First to introduce dynamic web retrieval into counter-argument generation, surmounting the limitations of static knowledge bases.
LLM-as-a-Judge aligns highly with human judgment in counter-argument evaluation (\(\rho=0.82\)), providing a reliable tool for large-scale automatic evaluation.
An intriguing finding is that LLM-generated counter-arguments comprehensively outperformed human-written gold standards, suggesting that LLMs may already possess superhuman capabilities in the domain of argumentation.
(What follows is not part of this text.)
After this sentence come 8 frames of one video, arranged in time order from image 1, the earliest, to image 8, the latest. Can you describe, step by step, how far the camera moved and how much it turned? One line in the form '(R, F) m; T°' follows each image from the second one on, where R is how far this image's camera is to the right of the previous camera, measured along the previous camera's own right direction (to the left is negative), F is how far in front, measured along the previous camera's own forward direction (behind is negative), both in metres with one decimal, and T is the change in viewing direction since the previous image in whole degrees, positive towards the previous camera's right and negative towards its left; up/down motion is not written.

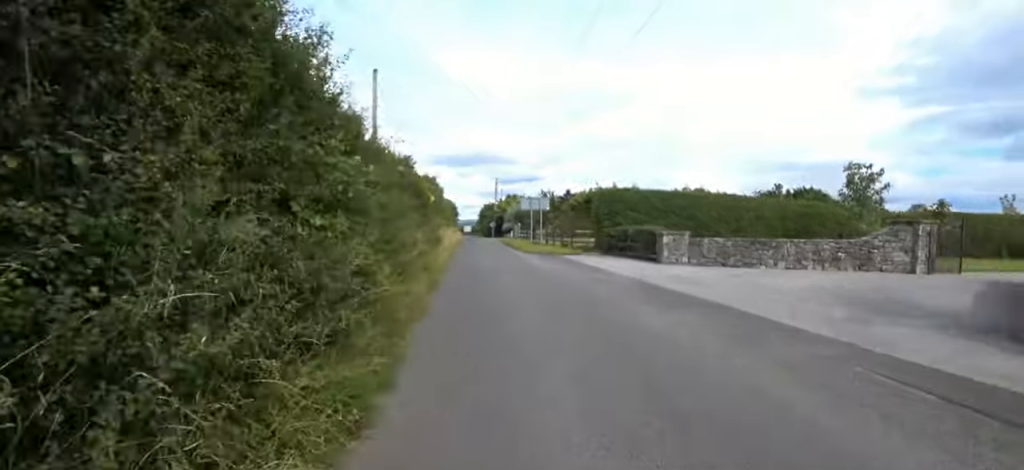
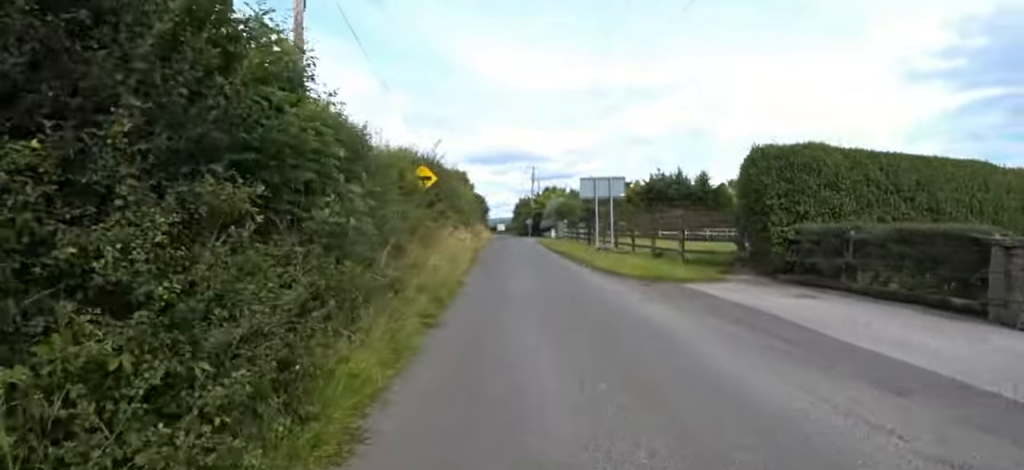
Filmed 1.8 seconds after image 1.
(+2.2, +9.5) m; +9°
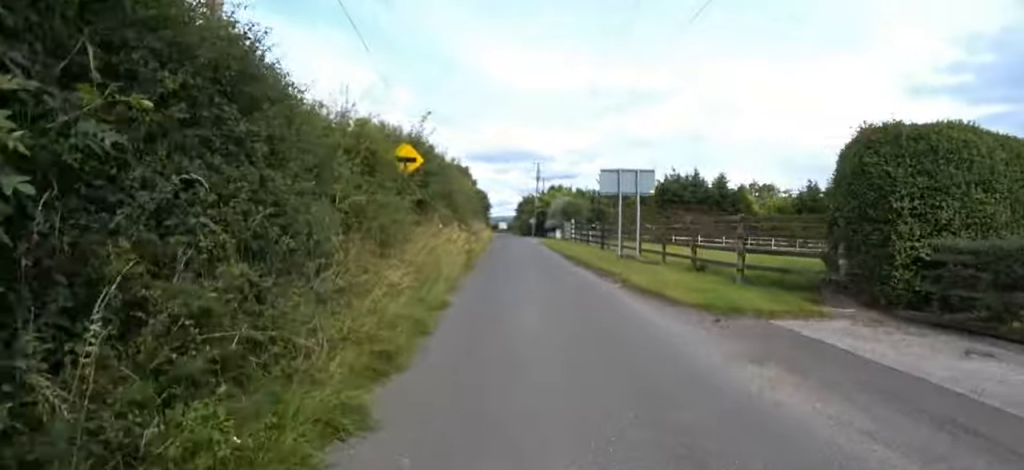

Limitations & Future Work¶

Only two LLMs (Command R+ and Mistral-7B) were tested, limiting coverage.
Restricted to English, lacking multilingual validation.
LLM-generated counter-arguments may suffer from training data contamination—the experimental topics might overlap with training data.
Human evaluation only covered 75 samples, representing a limited scale.

vs Hua et al. (2019): The latter only utilized Wikipedia and news databases as static external sources, whereas this work extends to dynamic web-wide retrieval.
vs Lin et al. (2023): The latter operated on sentence-level counter-argument generation, while this work argues that the sentence-level is insufficient to study argumentative complexity.
vs Chen et al. (2024): The latter evaluated LLM performance across multiple argumentation tasks but did not integrate external knowledge.

Rating¶

Novelty: ⭐⭐⭐ Dynamic knowledge retrieval + counter-argument generation combination has some novelty, though the overall framework is relatively straightforward.
Experimental Thoroughness: ⭐⭐⭐⭐ Comparison of multiple evaluation methods (human + LLM-Judge + reference-based metrics) is provided, though the variety of tested models is somewhat small.
Writing Quality: ⭐⭐⭐⭐ Clear structure, well-defined research questions, and in-depth analysis.
Value: ⭐⭐⭐ Validating LLM-as-a-Judge in argument evaluation has practical value, though the methodology itself has limited technical innovation.